* Given data
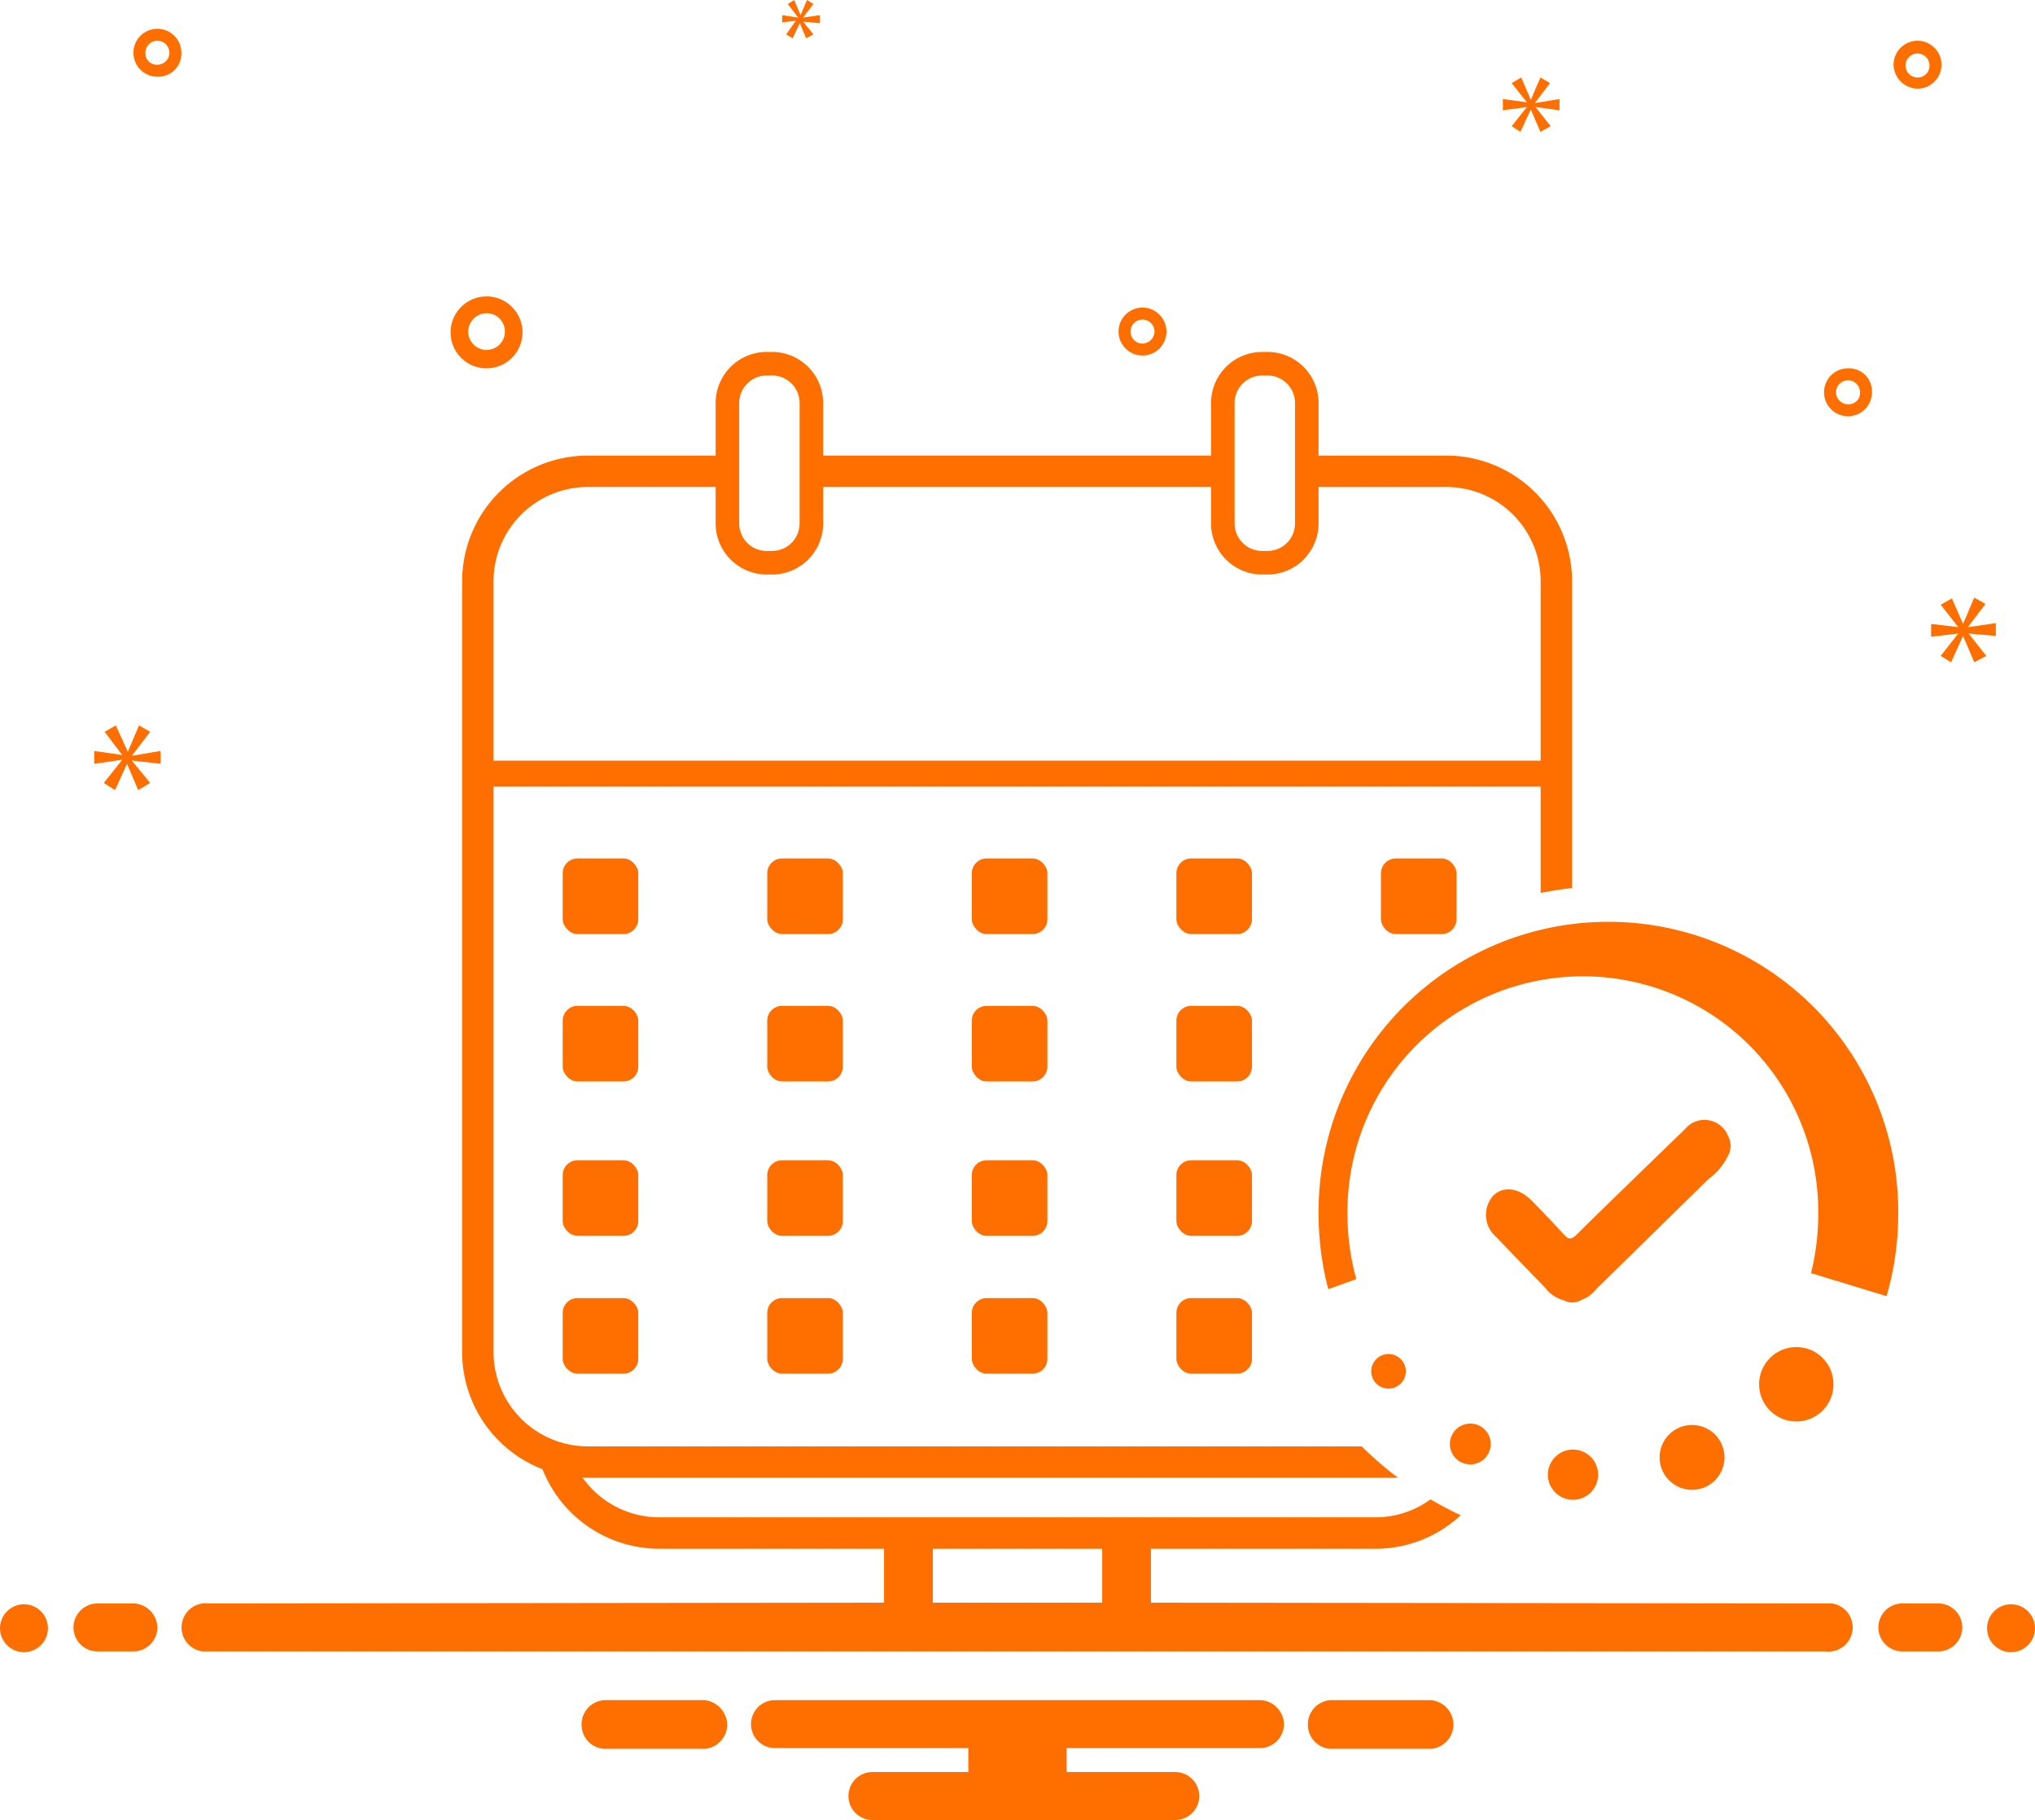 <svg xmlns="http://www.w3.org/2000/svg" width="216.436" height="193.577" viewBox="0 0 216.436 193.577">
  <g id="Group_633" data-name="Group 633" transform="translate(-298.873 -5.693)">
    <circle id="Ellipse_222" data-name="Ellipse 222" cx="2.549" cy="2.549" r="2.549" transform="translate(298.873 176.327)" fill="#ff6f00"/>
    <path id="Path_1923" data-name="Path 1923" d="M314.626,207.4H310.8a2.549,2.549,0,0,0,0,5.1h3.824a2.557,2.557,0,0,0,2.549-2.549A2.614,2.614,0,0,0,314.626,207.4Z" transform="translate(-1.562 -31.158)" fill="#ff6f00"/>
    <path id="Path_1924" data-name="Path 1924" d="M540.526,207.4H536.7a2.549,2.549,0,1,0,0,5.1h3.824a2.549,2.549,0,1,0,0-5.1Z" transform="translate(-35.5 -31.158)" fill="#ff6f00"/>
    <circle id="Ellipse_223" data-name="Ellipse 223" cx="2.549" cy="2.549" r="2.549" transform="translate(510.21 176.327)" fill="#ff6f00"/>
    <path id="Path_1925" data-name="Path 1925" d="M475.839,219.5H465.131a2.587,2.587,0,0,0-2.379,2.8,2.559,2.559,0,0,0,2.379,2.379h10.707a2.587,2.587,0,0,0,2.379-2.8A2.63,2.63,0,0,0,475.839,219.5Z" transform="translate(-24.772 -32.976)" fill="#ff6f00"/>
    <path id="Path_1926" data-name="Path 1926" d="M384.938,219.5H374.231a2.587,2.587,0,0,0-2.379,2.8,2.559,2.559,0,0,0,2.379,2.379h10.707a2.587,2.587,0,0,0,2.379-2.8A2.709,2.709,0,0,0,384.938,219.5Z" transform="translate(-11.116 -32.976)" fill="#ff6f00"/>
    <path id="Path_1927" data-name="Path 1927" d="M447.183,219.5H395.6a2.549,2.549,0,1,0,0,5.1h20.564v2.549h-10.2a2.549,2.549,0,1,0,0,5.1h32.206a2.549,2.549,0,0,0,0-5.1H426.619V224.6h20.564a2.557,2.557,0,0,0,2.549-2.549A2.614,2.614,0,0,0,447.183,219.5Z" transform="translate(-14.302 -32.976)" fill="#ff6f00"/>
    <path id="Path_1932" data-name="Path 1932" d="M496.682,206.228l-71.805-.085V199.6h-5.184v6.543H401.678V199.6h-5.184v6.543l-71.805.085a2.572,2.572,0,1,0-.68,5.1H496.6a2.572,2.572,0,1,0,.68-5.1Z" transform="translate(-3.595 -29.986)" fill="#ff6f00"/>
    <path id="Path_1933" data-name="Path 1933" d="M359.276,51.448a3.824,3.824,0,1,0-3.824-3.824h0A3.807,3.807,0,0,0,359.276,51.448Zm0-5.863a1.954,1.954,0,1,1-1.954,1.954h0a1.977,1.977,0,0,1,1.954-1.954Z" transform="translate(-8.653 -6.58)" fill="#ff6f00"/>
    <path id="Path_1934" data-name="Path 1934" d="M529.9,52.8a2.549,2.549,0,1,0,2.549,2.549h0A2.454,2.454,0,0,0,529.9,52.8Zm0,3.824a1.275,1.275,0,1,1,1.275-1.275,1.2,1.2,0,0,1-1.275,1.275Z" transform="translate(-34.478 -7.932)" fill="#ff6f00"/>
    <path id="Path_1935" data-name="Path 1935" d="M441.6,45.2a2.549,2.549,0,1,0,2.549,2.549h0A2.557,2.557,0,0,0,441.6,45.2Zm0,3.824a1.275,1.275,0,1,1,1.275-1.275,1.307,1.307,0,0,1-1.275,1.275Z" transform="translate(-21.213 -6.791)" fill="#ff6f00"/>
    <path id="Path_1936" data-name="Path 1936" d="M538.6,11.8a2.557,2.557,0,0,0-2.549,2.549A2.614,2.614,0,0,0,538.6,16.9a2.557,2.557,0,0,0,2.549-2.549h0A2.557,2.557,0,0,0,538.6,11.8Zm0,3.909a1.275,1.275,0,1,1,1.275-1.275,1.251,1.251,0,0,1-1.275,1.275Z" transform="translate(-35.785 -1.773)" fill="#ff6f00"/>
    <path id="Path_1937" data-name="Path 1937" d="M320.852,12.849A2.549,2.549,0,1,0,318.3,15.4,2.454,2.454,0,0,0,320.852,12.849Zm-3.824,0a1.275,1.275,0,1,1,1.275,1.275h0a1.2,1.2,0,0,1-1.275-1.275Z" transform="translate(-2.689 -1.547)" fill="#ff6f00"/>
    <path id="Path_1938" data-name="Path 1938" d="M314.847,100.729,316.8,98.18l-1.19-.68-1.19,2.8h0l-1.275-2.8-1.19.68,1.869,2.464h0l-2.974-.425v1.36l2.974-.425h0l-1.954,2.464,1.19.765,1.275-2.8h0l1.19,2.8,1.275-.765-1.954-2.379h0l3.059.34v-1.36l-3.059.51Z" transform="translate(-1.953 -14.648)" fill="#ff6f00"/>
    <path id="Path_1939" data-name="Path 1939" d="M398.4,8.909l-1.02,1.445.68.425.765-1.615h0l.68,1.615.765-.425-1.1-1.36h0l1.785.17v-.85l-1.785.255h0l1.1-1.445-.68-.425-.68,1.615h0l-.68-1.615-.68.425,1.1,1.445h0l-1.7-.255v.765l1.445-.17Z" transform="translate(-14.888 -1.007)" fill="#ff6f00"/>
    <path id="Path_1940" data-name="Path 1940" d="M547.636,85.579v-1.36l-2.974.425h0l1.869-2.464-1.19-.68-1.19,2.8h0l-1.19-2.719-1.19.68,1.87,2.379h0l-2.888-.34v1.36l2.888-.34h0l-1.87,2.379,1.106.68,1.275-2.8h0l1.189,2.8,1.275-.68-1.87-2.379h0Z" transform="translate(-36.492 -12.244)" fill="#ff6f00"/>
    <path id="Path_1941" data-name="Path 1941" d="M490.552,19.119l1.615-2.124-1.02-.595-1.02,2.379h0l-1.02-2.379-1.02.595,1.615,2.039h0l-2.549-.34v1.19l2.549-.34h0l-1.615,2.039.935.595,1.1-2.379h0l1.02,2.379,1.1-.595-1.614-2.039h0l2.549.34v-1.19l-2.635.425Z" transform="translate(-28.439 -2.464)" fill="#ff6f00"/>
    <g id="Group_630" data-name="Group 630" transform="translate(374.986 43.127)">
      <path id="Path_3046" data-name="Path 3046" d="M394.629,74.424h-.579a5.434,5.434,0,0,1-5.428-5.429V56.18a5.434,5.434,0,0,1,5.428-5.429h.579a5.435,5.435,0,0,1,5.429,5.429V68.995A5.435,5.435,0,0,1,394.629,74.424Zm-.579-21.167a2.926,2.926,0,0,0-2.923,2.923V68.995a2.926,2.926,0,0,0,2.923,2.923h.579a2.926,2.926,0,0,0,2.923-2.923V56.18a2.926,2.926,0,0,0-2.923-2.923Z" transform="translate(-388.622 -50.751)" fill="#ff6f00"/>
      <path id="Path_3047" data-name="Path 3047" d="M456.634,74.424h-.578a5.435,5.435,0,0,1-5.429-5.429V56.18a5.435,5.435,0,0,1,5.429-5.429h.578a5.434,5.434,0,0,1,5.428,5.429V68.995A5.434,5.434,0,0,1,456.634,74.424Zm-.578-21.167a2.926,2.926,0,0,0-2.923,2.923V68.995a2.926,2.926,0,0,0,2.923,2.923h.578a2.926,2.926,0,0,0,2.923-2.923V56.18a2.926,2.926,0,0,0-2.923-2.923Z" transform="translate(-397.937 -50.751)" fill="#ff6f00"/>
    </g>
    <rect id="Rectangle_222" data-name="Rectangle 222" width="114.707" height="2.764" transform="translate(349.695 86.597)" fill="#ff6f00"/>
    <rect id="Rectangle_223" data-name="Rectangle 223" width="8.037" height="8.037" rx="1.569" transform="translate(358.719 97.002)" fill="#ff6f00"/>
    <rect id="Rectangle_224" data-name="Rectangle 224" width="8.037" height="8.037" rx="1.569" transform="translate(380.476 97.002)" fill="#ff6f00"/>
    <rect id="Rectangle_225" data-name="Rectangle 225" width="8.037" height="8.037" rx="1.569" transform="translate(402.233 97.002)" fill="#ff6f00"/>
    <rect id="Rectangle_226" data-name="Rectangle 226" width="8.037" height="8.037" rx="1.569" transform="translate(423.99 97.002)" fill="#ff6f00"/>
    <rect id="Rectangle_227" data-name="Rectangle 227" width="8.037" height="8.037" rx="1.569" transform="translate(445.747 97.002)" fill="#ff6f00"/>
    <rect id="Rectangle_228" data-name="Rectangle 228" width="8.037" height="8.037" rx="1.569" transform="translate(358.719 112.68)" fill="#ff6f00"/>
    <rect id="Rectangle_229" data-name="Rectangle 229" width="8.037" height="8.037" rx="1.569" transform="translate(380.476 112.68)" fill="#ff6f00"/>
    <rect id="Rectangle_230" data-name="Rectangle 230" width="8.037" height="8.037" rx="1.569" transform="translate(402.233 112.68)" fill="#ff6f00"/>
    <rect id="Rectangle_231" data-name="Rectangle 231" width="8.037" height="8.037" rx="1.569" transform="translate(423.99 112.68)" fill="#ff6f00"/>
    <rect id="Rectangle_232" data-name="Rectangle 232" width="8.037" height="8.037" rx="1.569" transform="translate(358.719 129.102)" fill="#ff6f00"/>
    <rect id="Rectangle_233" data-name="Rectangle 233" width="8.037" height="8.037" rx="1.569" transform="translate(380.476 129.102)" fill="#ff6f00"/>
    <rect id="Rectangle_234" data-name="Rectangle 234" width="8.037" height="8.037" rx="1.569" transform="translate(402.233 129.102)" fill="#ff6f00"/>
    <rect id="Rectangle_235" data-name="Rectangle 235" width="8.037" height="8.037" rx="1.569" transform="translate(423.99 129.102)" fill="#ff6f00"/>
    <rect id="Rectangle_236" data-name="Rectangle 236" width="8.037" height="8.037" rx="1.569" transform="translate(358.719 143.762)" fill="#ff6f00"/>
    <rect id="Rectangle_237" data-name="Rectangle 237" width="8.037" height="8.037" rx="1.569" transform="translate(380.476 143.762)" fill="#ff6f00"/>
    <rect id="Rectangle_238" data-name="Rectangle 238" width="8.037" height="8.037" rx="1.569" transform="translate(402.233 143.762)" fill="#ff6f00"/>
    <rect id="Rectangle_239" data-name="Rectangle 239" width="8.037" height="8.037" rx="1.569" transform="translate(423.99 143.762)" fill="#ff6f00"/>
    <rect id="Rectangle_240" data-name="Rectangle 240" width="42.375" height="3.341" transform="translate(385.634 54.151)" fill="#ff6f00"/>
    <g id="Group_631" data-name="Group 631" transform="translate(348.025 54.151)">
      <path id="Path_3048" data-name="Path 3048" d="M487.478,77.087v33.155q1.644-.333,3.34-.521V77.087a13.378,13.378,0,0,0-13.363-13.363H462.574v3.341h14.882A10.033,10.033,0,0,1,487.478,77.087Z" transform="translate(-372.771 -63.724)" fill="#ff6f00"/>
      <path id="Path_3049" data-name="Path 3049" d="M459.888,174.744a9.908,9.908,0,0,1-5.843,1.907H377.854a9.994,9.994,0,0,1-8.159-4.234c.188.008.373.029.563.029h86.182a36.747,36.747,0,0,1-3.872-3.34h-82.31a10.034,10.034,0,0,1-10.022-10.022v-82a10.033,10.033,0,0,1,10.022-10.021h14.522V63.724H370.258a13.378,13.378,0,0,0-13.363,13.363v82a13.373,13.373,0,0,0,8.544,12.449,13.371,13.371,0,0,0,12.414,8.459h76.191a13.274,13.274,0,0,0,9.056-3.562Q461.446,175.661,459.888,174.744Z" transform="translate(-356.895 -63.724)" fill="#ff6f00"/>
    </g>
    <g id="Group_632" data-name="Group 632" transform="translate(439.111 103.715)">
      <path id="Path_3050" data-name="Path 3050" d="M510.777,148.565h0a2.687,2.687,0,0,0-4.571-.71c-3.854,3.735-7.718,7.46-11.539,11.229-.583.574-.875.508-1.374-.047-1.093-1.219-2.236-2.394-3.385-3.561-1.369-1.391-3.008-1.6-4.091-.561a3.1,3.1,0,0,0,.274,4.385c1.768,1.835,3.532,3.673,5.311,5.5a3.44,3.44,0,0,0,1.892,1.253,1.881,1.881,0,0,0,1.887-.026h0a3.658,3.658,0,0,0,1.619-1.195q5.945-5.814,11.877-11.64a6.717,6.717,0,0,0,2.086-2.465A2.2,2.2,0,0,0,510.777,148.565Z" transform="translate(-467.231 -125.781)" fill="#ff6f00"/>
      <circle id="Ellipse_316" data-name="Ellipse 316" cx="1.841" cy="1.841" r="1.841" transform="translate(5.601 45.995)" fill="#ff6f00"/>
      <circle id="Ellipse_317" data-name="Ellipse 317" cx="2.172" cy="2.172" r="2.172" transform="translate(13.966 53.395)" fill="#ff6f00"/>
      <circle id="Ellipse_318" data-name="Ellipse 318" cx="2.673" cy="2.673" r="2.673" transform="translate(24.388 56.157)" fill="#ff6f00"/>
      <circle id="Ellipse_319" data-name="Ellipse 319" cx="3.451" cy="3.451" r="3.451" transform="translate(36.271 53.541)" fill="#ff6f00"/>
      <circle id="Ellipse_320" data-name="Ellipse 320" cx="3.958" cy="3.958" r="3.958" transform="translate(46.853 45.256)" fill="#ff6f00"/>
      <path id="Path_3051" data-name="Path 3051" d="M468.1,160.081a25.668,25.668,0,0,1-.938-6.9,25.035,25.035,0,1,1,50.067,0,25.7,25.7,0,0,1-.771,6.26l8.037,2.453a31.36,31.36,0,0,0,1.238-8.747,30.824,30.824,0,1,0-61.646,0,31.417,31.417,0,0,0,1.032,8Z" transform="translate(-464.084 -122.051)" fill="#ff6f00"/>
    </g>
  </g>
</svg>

* Exercise objective
Go through the listing above and copy each line in which the string "Group" is found.

* Solution to this problem
  <g id="Group_633" data-name="Group 633" transform="translate(-298.873 -5.693)">
    <g id="Group_630" data-name="Group 630" transform="translate(374.986 43.127)">
    <g id="Group_631" data-name="Group 631" transform="translate(348.025 54.151)">
    <g id="Group_632" data-name="Group 632" transform="translate(439.111 103.715)">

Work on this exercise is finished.